Я сидел напротив нее, но не решался слишком бесцеремонно ее рассматривать, хотя она вызывала у меня сильнейшее любопытство. Ее огромные черные глаза поражали какой-то необыкновенной чувствительностью: они отражали малейшую игру света и тени, когда она поворачивала голову к эстраде или к дальнему концу зала, и так живо передавали все движения ее души, все впечатления от того, что она видела и слышала вокруг; право, ее глаза напоминали море, когда смотришь на него с самолета или с высокой скалы и видишь, как скользят по нему мимолетные тени бегущих в небе облаков. В каждом ее движении сквозили и смелость и застенчивость, что-то похожее на зарождавшийся и тотчас подавляемый порыв чувства; да, в ней было то, что некогда называли «сдержанностью», — слово, ныне уже вышедшее из употребления.

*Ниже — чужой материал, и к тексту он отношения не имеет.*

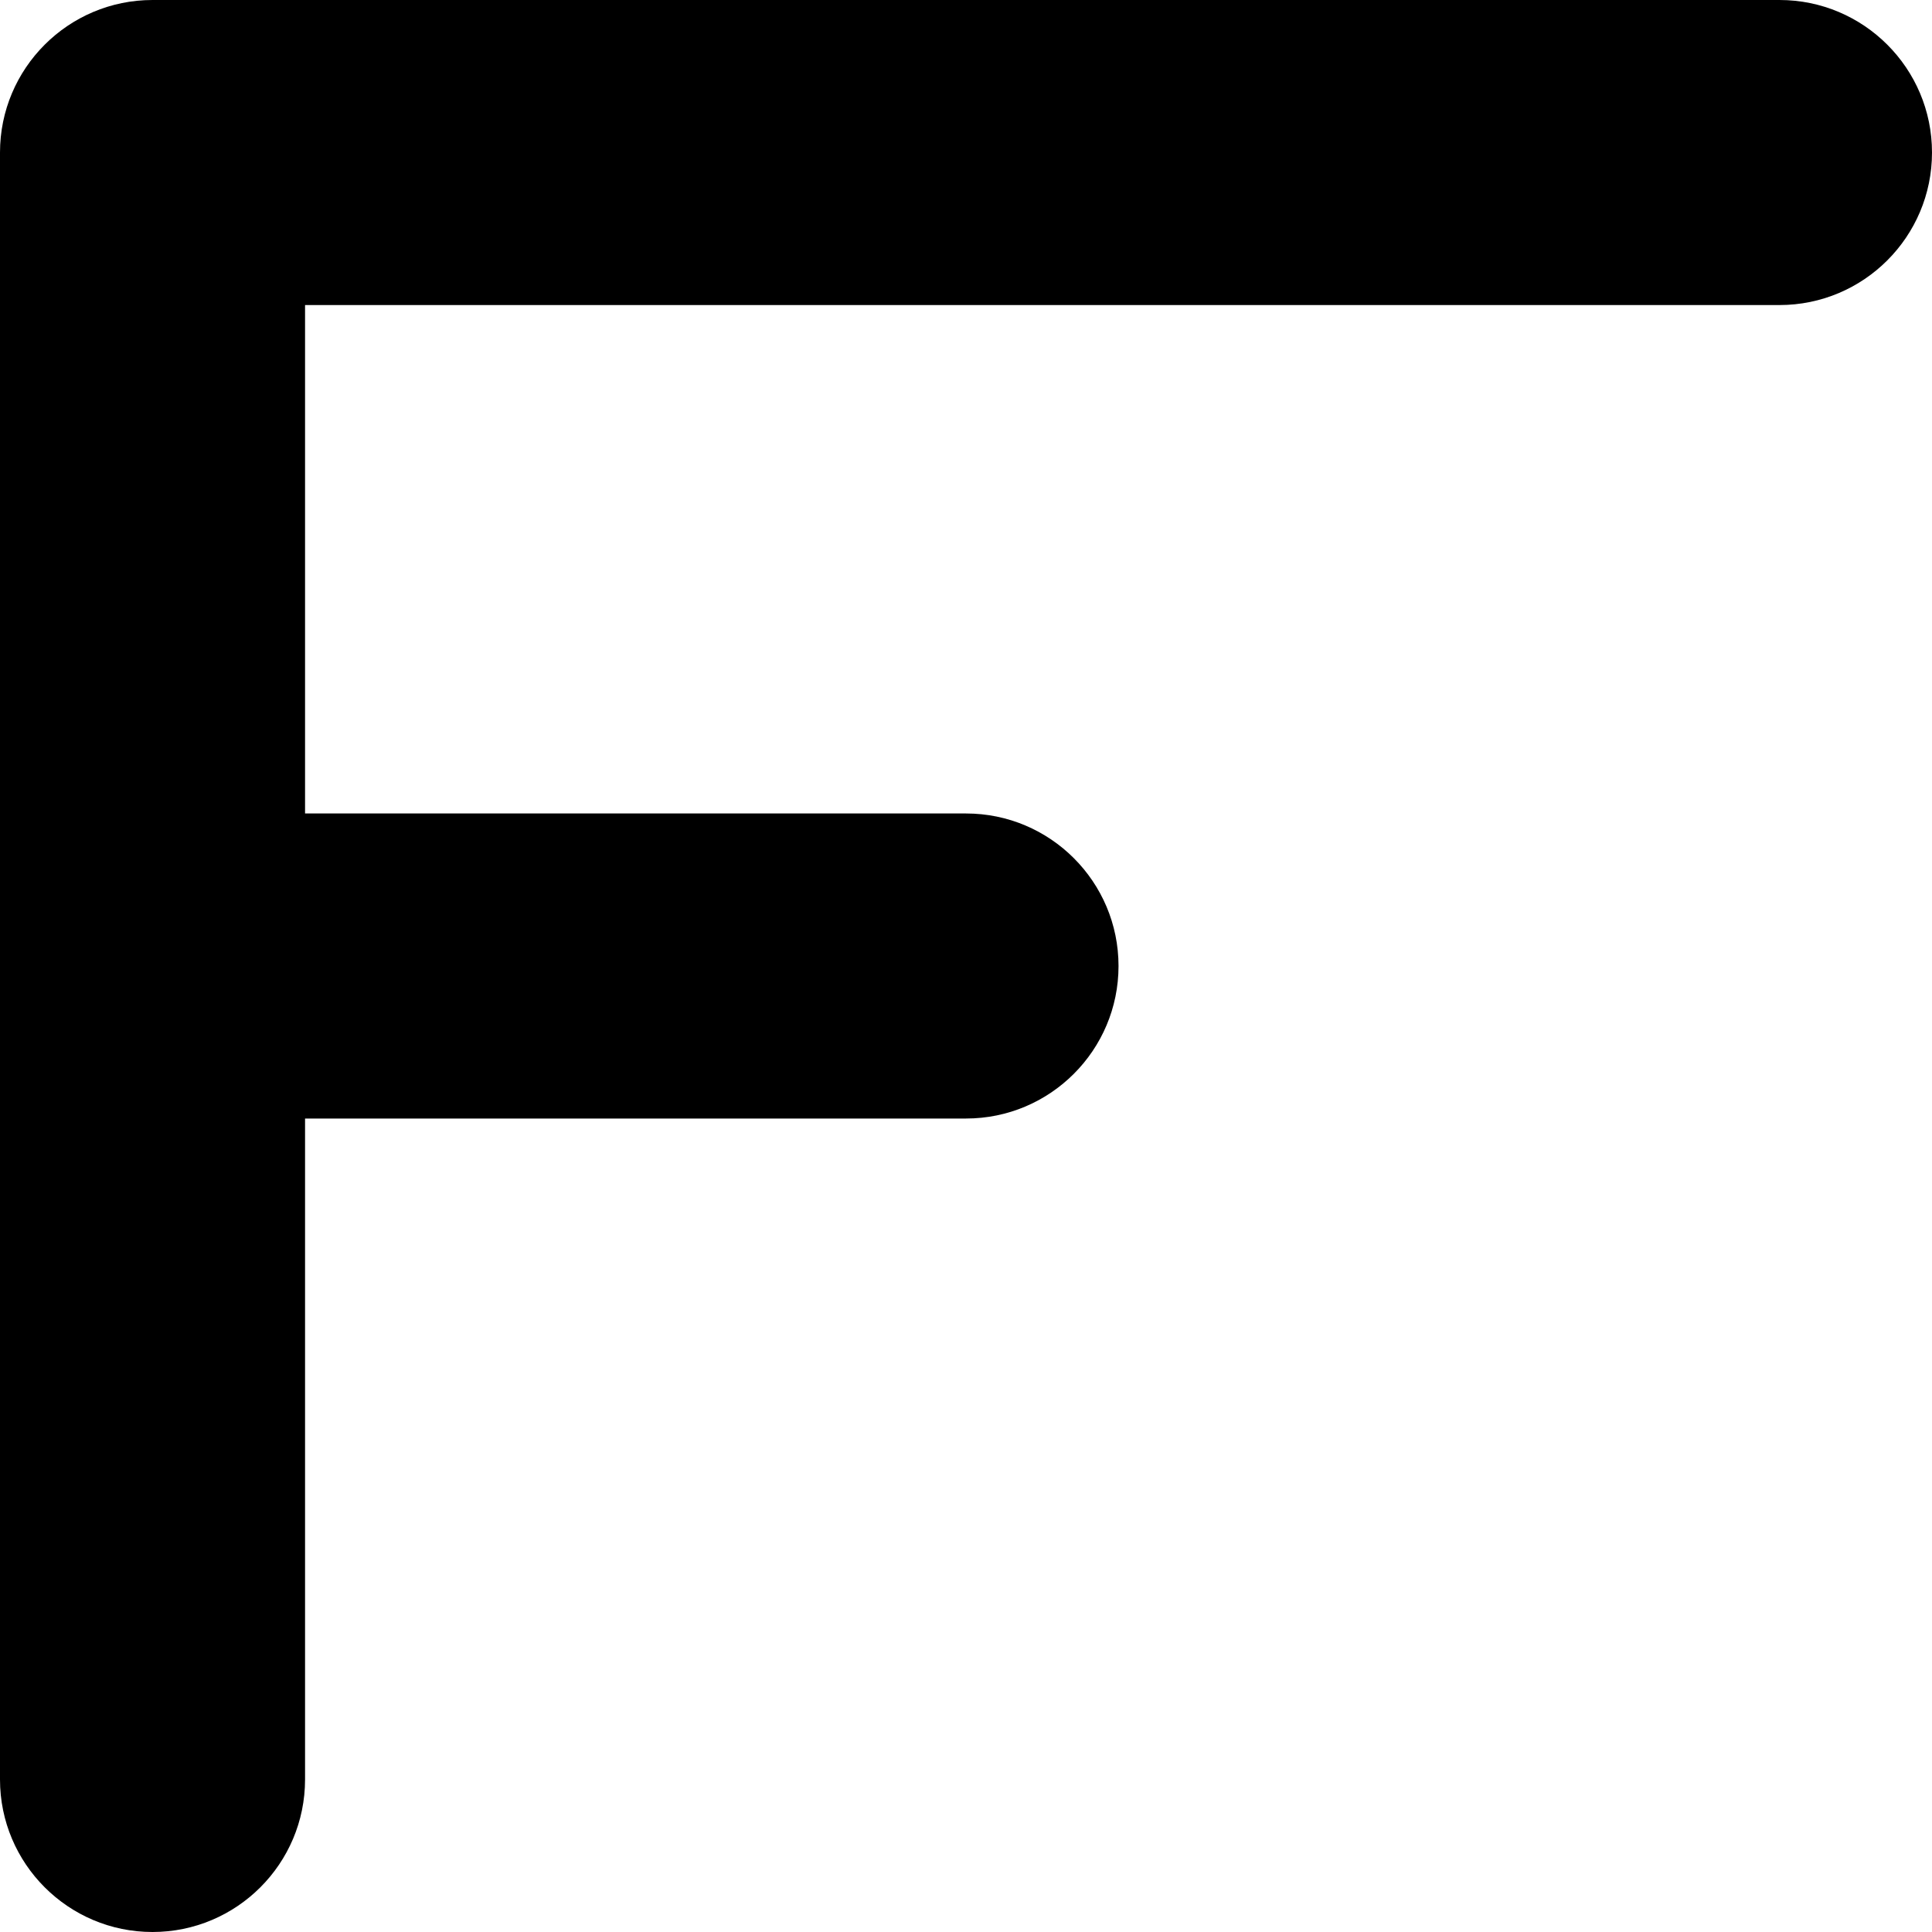 <?xml version="1.0" encoding="utf-8"?>
<svg xmlns="http://www.w3.org/2000/svg" fill="none" height="100%" overflow="visible" preserveAspectRatio="none" style="display: block;" viewBox="0 0 19 19" width="100%">
<path d="M0 17.5V1.5C0 0.672 0.672 0 1.5 0H17.5C18.328 0 19 0.672 19 1.5C19 2.328 18.328 3 17.5 3H3V8H9.5C10.328 8 11 8.672 11 9.5C11 10.328 10.328 11 9.5 11H3V17.5C3 18.328 2.328 19 1.5 19C0.672 19 0 18.328 0 17.5Z" fill="black" id="Rectangle 1422 (Stroke)"/>
</svg>

Оркестр заиграл вальс. Пьеретта повернулась к соседнему столику и поглядела на ту самую девушку, которая ответила старику, что молодые люди слишком много пьют и потому недостойны танцевать с девушками.
— Маргарита! — тихонько окликнула ее Пьеретта.
Девушка кивком головы выразила согласие и тотчас встала. Пьеретта обняла ее за талию и повела на середину зала. Они вальсировали безупречно, в чисто французской манере, еле переступая ногами, держа корпус немного напряженно, и, четко делая каждый поворот, кружились почти на месте. Кроме них, никто не танцевал, весь зал следил за ними взглядом. Обе танцорки были прелестны — тоненькие, стройные, с гордой посадкой головы, с ярко накрашенными губами; на обеих были прямые облегающие юбки и легкие блузки: у Пьеретты — светло-зеленая, у Маргариты — красная.
После вальса Пьеретта познакомила меня со своей партнершей.
— Это Маргарита, — сказала она. — Моя товарка, мы работаем в одном цехе. Она хорошая подружка, но ужасно бестолковая.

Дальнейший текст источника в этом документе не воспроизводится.